From 1be7f75d1668d6296b80bf35dcf6762393530afc Mon Sep 17 00:00:00 2001
From: Alexei Starovoitov <ast@plumgrid.com>
Date: Wed, 7 Oct 2015 22:23:21 -0700
Subject: bpf: enable non-root eBPF programs

In order to let unprivileged users load and execute eBPF programs
teach verifier to prevent pointer leaks.
Verifier will prevent
- any arithmetic on pointers
  (except R10+Imm which is used to compute stack addresses)
- comparison of pointers
  (except if (map_value_ptr == 0) ... )
- passing pointers to helper functions
- indirectly passing pointers in stack to helper functions
- returning pointer from bpf program
- storing pointers into ctx or maps

Spill/fill of pointers into stack is allowed, but mangling
of pointers stored in the stack or reading them byte by byte is not.

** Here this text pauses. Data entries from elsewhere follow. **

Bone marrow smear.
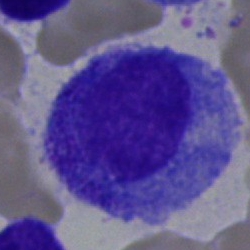Single cell identified as a promyelocyte.
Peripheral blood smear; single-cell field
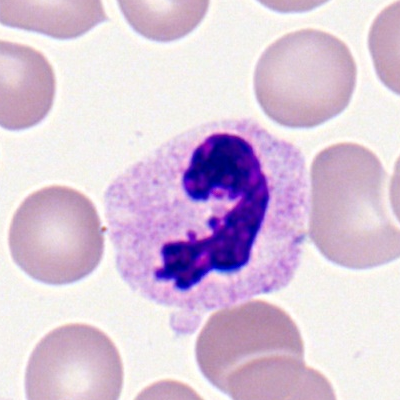

Single cell identified as a neutrophil (segmented).
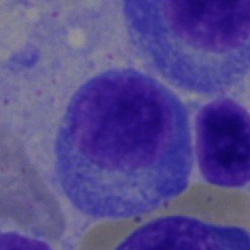 This is a plasma cell.
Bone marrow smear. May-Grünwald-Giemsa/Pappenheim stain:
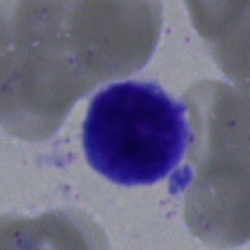A lymphocyte.
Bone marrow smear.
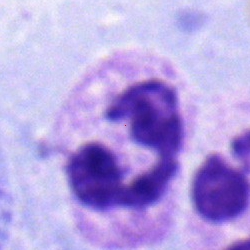Q: What type of cell is this?
A: This is a myelocyte.
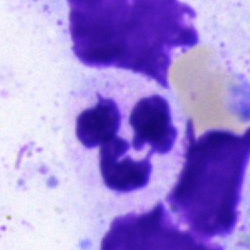This is a segmented neutrophil.
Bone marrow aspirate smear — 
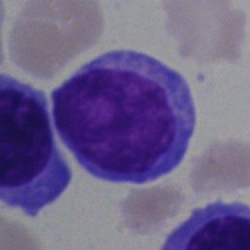

Cell type: undifferentiated blast.
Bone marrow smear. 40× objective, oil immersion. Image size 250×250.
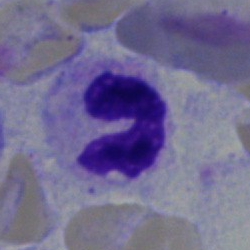

The cell shown is a segmented neutrophil.

Within bpf programs the pointers do exist, since programs need to
be able to access maps, pass skb pointer to LD_ABS insns, etc
but programs cannot pass such pointer values to the outside
or obfuscate them.

Only allow BPF_PROG_TYPE_SOCKET_FILTER unprivileged programs,
so that socket filters (tcpdump), af_packet (quic acceleration)
and future kcm can use it.
tracing and tc cls/act program types still require root permissions,
since tracing actually needs to be able to see all kernel pointers
and tc is for root only.

For example, the following unprivileged socket filter program is allowed:
int bpf_prog1(struct __sk_buff *skb)
{
  u32 index = load_byte(skb, ETH_HLEN + offsetof(struct iphdr, protocol));
  u64 *value = bpf_map_lookup_elem(&my_map, &index);

  if (value)
	*value += skb->len;
  return 0;
}

but the following program is not:
int bpf_prog1(struct __sk_buff *skb)
{
  u32 index = load_byte(skb, ETH_HLEN + offsetof(struct iphdr, protocol));
  u64 *value = bpf_map_lookup_elem(&my_map, &index);

  if (value)
	*value += (u64) skb;
  return 0;
}
since it would leak the kernel address into the map.

Unprivileged socket filter bpf programs have access to the
following helper functions:
- map lookup/update/delete (but they cannot store kernel pointers into them)
- get_random (it's already exposed to unprivileged user space)
- get_smp_processor_id
- tail_call into another socket filter program
- ktime_get_ns

The feature is controlled by sysctl kernel.unprivileged_bpf_disabled.
This toggle defaults to off (0), but can be set true (1).  Once true,
bpf programs and maps cannot be accessed from unprivileged process,
and the toggle cannot be set back to false.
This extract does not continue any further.